AIM OF THE EXERCISE → Word for word, copy the entire listing.

= Beginning of Section =

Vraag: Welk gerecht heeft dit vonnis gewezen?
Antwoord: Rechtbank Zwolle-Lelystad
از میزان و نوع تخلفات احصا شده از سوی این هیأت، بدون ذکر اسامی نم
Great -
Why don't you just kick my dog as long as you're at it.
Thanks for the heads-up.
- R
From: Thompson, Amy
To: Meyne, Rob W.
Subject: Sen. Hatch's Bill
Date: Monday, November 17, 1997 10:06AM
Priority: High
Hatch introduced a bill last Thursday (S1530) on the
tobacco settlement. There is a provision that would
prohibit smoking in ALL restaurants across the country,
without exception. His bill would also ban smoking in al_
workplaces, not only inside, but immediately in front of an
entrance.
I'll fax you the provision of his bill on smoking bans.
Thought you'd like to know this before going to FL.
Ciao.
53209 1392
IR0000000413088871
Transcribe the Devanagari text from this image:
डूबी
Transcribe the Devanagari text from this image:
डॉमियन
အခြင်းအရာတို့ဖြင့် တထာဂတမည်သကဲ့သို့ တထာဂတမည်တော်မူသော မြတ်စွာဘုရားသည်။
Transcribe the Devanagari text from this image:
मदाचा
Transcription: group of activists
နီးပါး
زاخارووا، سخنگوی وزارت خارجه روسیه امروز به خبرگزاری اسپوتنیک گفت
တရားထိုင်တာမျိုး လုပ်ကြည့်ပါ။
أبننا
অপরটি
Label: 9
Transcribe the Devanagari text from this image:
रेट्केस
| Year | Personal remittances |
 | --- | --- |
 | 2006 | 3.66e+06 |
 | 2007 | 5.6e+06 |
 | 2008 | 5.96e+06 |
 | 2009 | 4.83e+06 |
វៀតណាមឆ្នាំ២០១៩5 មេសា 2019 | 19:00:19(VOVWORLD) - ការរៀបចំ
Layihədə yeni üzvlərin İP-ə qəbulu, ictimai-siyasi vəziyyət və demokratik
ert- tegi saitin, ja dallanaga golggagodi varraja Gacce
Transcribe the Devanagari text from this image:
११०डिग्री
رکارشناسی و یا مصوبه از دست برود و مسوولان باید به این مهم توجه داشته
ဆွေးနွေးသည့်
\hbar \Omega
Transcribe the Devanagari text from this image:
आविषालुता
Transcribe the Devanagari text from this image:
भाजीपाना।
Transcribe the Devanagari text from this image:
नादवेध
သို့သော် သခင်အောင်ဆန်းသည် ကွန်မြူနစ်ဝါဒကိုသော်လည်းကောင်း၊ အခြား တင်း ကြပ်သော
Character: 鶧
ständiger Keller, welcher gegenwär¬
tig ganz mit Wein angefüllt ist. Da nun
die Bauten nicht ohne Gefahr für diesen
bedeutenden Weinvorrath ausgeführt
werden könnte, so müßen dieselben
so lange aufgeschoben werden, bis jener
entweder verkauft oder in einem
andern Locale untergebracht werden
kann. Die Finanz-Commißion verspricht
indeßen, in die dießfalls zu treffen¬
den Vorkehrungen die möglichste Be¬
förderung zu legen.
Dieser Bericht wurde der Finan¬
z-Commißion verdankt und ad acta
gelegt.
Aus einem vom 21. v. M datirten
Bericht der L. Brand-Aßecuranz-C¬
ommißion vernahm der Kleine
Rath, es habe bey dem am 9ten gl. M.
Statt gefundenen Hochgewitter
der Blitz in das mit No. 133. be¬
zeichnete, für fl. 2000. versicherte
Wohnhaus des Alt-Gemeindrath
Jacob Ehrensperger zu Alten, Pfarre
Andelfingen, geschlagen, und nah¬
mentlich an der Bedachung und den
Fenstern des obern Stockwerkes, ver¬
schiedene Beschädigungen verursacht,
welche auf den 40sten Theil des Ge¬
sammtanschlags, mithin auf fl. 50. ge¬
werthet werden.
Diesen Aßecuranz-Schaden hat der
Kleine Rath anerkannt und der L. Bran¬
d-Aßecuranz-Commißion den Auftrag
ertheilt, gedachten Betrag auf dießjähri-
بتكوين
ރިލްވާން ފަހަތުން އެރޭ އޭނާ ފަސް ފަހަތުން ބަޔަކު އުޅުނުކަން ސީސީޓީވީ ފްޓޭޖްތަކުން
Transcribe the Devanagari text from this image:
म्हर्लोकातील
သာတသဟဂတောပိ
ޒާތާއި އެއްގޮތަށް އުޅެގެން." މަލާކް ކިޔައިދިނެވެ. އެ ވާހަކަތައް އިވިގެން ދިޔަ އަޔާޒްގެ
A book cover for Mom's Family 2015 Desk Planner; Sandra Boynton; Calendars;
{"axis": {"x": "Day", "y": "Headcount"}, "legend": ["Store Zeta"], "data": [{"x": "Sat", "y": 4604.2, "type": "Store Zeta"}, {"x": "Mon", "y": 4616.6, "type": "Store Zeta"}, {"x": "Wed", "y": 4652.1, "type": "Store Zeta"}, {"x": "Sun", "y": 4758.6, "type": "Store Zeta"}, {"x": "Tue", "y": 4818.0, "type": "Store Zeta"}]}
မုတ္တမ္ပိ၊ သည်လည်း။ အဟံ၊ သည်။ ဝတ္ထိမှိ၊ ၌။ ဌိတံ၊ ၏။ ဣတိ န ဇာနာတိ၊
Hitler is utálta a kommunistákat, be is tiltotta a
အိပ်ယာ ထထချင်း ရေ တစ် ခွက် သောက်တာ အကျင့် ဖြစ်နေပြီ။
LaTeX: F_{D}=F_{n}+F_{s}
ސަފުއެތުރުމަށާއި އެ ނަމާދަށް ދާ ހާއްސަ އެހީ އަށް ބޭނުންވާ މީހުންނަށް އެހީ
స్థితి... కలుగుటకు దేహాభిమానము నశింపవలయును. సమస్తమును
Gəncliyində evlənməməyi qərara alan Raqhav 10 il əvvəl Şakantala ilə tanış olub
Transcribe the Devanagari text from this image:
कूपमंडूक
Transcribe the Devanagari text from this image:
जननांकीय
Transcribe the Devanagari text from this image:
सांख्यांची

= End of Section =

EXERCISE OUTPUT →
Vraag: Welk gerecht heeft dit vonnis gewezen?
Antwoord: Rechtbank Zwolle-Lelystad
از میزان و نوع تخلفات احصا شده از سوی این هیأت، بدون ذکر اسامی نم
Great -
Why don't you just kick my dog as long as you're at it.
Thanks for the heads-up.
- R
From: Thompson, Amy
To: Meyne, Rob W.
Subject: Sen. Hatch's Bill
Date: Monday, November 17, 1997 10:06AM
Priority: High
Hatch introduced a bill last Thursday (S1530) on the
tobacco settlement. There is a provision that would
prohibit smoking in ALL restaurants across the country,
without exception. His bill would also ban smoking in al_
workplaces, not only inside, but immediately in front of an
entrance.
I'll fax you the provision of his bill on smoking bans.
Thought you'd like to know this before going to FL.
Ciao.
53209 1392
IR0000000413088871
Transcribe the Devanagari text from this image:
डूबी
Transcribe the Devanagari text from this image:
डॉमियन
အခြင်းအရာတို့ဖြင့် တထာဂတမည်သကဲ့သို့ တထာဂတမည်တော်မူသော မြတ်စွာဘုရားသည်။
Transcribe the Devanagari text from this image:
मदाचा
Transcription: group of activists
နီးပါး
زاخارووا، سخنگوی وزارت خارجه روسیه امروز به خبرگزاری اسپوتنیک گفت
တရားထိုင်တာမျိုး လုပ်ကြည့်ပါ။
أبننا
অপরটি
Label: 9
Transcribe the Devanagari text from this image:
रेट्केस
| Year | Personal remittances |
 | --- | --- |
 | 2006 | 3.66e+06 |
 | 2007 | 5.6e+06 |
 | 2008 | 5.96e+06 |
 | 2009 | 4.83e+06 |
វៀតណាមឆ្នាំ២០១៩5 មេសា 2019 | 19:00:19(VOVWORLD) - ការរៀបចំ
Layihədə yeni üzvlərin İP-ə qəbulu, ictimai-siyasi vəziyyət və demokratik
ert- tegi saitin, ja dallanaga golggagodi varraja Gacce
Transcribe the Devanagari text from this image:
११०डिग्री
رکارشناسی و یا مصوبه از دست برود و مسوولان باید به این مهم توجه داشته
ဆွေးနွေးသည့်
\hbar \Omega
Transcribe the Devanagari text from this image:
आविषालुता
Transcribe the Devanagari text from this image:
भाजीपाना।
Transcribe the Devanagari text from this image:
नादवेध
သို့သော် သခင်အောင်ဆန်းသည် ကွန်မြူနစ်ဝါဒကိုသော်လည်းကောင်း၊ အခြား တင်း ကြပ်သော
Character: 鶧
ständiger Keller, welcher gegenwär¬
tig ganz mit Wein angefüllt ist. Da nun
die Bauten nicht ohne Gefahr für diesen
bedeutenden Weinvorrath ausgeführt
werden könnte, so müßen dieselben
so lange aufgeschoben werden, bis jener
entweder verkauft oder in einem
andern Locale untergebracht werden
kann. Die Finanz-Commißion verspricht
indeßen, in die dießfalls zu treffen¬
den Vorkehrungen die möglichste Be¬
förderung zu legen.
Dieser Bericht wurde der Finan¬
z-Commißion verdankt und ad acta
gelegt.
Aus einem vom 21. v. M datirten
Bericht der L. Brand-Aßecuranz-C¬
ommißion vernahm der Kleine
Rath, es habe bey dem am 9ten gl. M.
Statt gefundenen Hochgewitter
der Blitz in das mit No. 133. be¬
zeichnete, für fl. 2000. versicherte
Wohnhaus des Alt-Gemeindrath
Jacob Ehrensperger zu Alten, Pfarre
Andelfingen, geschlagen, und nah¬
mentlich an der Bedachung und den
Fenstern des obern Stockwerkes, ver¬
schiedene Beschädigungen verursacht,
welche auf den 40sten Theil des Ge¬
sammtanschlags, mithin auf fl. 50. ge¬
werthet werden.
Diesen Aßecuranz-Schaden hat der
Kleine Rath anerkannt und der L. Bran¬
d-Aßecuranz-Commißion den Auftrag
ertheilt, gedachten Betrag auf dießjähri-
بتكوين
ރިލްވާން ފަހަތުން އެރޭ އޭނާ ފަސް ފަހަތުން ބަޔަކު އުޅުނުކަން ސީސީޓީވީ ފްޓޭޖްތަކުން
Transcribe the Devanagari text from this image:
म्हर्लोकातील
သာတသဟဂတောပိ
ޒާތާއި އެއްގޮތަށް އުޅެގެން." މަލާކް ކިޔައިދިނެވެ. އެ ވާހަކަތައް އިވިގެން ދިޔަ އަޔާޒްގެ
A book cover for Mom's Family 2015 Desk Planner; Sandra Boynton; Calendars;
{"axis": {"x": "Day", "y": "Headcount"}, "legend": ["Store Zeta"], "data": [{"x": "Sat", "y": 4604.2, "type": "Store Zeta"}, {"x": "Mon", "y": 4616.6, "type": "Store Zeta"}, {"x": "Wed", "y": 4652.1, "type": "Store Zeta"}, {"x": "Sun", "y": 4758.6, "type": "Store Zeta"}, {"x": "Tue", "y": 4818.0, "type": "Store Zeta"}]}
မုတ္တမ္ပိ၊ သည်လည်း။ အဟံ၊ သည်။ ဝတ္ထိမှိ၊ ၌။ ဌိတံ၊ ၏။ ဣတိ န ဇာနာတိ၊
Hitler is utálta a kommunistákat, be is tiltotta a
အိပ်ယာ ထထချင်း ရေ တစ် ခွက် သောက်တာ အကျင့် ဖြစ်နေပြီ။
LaTeX: F_{D}=F_{n}+F_{s}
ސަފުއެތުރުމަށާއި އެ ނަމާދަށް ދާ ހާއްސަ އެހީ އަށް ބޭނުންވާ މީހުންނަށް އެހީ
స్థితి... కలుగుటకు దేహాభిమానము నశింపవలయును. సమస్తమును
Gəncliyində evlənməməyi qərara alan Raqhav 10 il əvvəl Şakantala ilə tanış olub
Transcribe the Devanagari text from this image:
कूपमंडूक
Transcribe the Devanagari text from this image:
जननांकीय
Transcribe the Devanagari text from this image:
सांख्यांची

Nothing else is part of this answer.